Pub Date : 2024-05-30DOI: 10.1016/j.bbrep.2024.101737
Mohammad Elahimanesh , Nafiseh Shokri , Payam Mohammadi , Najmeh Parvaz , Mohammad Najafi
Background
Umbilical cord blood hematopoietic stem cells (UCB–HSCs) have important roles in the treatment of illnesses based on their self-renewal and potency characteristics. Knowing the gene profiles and signaling pathways involved in each step of the cell cycle could improve the therapeutic approaches of HSCs.
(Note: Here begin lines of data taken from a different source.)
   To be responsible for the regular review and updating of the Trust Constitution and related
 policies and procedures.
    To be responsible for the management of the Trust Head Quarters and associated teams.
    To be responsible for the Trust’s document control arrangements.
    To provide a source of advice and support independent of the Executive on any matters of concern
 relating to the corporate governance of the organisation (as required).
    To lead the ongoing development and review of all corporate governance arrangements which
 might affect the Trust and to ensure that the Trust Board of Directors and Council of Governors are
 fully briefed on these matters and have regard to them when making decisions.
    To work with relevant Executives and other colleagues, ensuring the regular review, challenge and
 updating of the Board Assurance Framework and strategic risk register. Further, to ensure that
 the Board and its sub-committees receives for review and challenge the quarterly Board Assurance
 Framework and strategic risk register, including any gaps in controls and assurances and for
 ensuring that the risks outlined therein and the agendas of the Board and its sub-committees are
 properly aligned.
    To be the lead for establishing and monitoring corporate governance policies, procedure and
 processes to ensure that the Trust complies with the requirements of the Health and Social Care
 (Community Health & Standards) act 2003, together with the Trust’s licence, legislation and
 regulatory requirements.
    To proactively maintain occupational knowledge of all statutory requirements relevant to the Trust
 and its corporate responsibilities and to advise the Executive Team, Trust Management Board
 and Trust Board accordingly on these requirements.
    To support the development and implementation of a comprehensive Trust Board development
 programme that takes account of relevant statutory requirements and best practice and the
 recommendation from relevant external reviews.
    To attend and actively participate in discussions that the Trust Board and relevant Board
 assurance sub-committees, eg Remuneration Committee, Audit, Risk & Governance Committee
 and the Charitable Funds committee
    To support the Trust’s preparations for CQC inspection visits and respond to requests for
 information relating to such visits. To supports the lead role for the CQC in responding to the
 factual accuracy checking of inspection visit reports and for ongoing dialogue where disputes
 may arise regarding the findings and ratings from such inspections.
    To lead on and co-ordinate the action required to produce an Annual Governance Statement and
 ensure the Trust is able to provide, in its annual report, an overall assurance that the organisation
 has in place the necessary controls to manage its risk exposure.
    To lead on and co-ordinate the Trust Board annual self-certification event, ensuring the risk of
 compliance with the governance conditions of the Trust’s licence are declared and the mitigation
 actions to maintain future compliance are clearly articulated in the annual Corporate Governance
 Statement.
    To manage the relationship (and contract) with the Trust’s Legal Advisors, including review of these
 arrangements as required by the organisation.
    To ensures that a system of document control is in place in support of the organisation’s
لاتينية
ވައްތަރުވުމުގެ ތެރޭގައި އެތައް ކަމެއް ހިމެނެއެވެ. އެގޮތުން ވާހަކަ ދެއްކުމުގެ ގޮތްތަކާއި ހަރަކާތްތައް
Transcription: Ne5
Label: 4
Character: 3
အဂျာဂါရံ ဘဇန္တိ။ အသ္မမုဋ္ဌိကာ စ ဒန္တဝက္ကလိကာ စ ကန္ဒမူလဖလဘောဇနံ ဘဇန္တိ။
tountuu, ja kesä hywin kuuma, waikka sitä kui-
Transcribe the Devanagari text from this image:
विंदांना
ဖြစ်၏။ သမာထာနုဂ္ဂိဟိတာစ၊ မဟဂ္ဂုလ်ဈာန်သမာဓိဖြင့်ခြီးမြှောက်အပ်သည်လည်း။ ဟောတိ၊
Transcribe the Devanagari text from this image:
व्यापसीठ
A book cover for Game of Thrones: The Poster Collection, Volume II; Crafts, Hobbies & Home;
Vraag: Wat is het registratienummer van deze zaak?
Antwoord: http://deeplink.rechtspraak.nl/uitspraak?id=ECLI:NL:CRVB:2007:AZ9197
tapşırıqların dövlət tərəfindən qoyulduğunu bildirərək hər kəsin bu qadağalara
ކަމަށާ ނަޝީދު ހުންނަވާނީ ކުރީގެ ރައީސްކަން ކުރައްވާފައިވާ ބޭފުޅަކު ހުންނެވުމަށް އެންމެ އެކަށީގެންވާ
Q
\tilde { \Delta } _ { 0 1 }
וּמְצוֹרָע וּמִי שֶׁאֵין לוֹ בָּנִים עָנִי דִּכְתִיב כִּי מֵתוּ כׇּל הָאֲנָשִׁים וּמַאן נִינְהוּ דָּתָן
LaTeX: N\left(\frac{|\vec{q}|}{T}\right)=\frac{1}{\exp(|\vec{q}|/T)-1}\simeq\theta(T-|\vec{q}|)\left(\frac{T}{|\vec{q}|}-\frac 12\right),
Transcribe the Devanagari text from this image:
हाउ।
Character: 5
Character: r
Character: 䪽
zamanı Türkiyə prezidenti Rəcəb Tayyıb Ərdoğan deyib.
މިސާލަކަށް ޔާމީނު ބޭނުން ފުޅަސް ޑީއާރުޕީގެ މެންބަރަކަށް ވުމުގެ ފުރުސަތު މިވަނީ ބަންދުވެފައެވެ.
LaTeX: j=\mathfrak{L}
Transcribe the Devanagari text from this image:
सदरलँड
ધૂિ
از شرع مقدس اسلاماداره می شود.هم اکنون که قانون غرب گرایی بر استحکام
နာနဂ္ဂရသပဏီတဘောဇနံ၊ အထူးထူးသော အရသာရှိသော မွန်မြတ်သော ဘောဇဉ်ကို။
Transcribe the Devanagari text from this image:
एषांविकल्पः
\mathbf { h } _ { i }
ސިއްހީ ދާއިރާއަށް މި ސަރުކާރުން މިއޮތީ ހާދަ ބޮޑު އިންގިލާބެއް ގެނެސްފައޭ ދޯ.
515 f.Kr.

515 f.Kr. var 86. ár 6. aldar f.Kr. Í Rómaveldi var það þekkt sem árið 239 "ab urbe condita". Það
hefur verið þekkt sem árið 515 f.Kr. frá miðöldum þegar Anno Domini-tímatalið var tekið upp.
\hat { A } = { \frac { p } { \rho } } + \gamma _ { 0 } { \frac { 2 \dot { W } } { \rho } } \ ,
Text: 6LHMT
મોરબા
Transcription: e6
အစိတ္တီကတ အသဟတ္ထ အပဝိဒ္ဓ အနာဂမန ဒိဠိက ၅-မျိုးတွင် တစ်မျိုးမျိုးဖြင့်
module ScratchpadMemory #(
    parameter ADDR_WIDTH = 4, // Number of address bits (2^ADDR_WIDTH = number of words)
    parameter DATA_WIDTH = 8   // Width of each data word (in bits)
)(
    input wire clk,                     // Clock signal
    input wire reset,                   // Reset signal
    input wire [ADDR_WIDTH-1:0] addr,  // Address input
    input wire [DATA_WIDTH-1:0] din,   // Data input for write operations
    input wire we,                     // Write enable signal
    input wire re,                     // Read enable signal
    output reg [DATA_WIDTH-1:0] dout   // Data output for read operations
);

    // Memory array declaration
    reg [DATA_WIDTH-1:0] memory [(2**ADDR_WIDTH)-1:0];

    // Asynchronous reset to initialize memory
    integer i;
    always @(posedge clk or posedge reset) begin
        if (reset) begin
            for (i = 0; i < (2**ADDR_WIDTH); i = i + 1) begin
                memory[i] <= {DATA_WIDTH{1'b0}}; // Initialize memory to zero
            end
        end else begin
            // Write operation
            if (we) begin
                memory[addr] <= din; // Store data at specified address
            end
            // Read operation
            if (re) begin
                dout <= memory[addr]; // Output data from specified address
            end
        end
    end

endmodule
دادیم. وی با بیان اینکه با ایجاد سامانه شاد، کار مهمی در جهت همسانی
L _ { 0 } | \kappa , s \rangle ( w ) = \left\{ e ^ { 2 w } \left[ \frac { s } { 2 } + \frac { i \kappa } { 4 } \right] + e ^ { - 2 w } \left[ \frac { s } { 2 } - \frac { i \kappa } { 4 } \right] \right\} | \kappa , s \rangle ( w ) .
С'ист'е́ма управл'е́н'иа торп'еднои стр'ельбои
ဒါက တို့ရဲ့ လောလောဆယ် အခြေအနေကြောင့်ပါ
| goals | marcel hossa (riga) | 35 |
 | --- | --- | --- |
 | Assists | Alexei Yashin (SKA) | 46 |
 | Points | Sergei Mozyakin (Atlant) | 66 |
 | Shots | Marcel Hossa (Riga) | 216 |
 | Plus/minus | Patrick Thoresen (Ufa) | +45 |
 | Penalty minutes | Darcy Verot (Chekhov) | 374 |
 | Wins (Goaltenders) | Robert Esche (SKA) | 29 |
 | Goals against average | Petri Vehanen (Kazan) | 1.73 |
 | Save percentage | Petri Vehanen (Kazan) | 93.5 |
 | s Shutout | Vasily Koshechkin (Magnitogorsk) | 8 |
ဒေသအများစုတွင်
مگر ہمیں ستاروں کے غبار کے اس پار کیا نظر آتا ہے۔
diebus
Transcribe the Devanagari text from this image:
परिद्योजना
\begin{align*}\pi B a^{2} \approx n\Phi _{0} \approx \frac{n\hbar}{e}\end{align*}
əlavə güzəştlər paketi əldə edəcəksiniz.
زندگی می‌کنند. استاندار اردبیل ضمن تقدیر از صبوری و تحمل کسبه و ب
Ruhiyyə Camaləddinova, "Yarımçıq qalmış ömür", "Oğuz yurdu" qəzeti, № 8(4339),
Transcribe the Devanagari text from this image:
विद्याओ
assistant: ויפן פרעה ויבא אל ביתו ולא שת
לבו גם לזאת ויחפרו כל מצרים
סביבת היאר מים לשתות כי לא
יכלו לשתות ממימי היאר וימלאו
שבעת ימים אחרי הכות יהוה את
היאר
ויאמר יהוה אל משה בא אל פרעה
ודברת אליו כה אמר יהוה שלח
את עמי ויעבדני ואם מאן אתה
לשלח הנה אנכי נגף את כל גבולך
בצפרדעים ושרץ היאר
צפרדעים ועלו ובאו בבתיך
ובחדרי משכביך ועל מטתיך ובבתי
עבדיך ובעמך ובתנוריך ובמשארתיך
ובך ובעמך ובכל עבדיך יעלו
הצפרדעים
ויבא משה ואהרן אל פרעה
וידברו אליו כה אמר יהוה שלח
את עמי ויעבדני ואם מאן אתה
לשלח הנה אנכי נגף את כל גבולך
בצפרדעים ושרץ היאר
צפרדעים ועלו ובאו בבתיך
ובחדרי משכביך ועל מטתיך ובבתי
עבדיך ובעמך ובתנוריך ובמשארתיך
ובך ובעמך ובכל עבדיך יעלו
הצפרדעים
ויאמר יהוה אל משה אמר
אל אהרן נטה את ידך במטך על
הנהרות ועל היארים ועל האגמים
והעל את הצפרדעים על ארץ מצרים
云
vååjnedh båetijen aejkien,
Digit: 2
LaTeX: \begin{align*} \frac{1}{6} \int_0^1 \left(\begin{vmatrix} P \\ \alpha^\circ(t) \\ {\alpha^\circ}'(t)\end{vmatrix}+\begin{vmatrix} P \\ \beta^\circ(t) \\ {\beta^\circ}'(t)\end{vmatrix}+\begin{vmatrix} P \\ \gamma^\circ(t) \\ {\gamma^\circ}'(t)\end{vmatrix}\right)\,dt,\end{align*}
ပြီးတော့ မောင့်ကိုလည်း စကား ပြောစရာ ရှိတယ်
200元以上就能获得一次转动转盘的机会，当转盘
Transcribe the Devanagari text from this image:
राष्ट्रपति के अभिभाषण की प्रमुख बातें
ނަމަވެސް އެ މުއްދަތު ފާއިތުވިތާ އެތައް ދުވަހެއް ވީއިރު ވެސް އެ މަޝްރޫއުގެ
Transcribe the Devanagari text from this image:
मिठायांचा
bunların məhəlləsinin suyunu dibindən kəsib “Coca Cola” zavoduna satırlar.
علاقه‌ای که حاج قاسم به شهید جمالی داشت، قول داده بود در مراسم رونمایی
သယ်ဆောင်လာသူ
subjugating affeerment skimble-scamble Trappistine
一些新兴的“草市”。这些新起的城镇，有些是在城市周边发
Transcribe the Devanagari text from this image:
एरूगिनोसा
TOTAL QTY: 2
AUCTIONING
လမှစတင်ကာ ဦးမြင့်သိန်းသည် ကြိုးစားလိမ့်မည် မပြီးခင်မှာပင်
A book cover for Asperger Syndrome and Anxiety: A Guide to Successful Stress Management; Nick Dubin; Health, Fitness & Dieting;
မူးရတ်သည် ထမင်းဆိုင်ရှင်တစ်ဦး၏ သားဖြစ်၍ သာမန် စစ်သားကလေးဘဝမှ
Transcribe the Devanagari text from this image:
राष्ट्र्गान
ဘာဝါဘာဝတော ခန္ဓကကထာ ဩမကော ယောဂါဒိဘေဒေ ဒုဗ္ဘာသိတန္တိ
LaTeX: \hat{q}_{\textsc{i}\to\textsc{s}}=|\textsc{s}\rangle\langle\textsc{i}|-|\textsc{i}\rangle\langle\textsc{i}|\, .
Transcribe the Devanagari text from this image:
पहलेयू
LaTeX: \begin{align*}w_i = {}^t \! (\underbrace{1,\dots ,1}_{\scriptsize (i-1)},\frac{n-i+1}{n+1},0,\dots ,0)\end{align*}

The aim of this study was to predict the gene profiles and signaling pathways involved in the G0, G1, and differentiation stages of HSCs.
Methods
Interventional (n = 8) and non-interventional (n = 3) datasets were obtained from the Gene Expression Omnibus (GEO) database, and were crossed and analyzed to determine the high- and low-express genes related to each of the G0, G1, and differentiation stages of HSCs. Then, the scores of STRING were annotated to the gene data. The gene networks were constructed using Cytoscape software, and enriched with the KEGG and GO databases.
Results
The high- and low-express genes were determined due to inter and intra intersections of the interventional and non-interventional data. The non-interventional data were applied to construct the gene networks (n = 6) with the nodes improved using the interventional data. Several important signaling pathways were suggested in each of the G0, G1, and differentiation stages.
Conclusion
The data revealed that the different signaling pathways are activated in each of the G0, G1, and differentiation stages so that their genes may be targeted to improve the HSC therapy.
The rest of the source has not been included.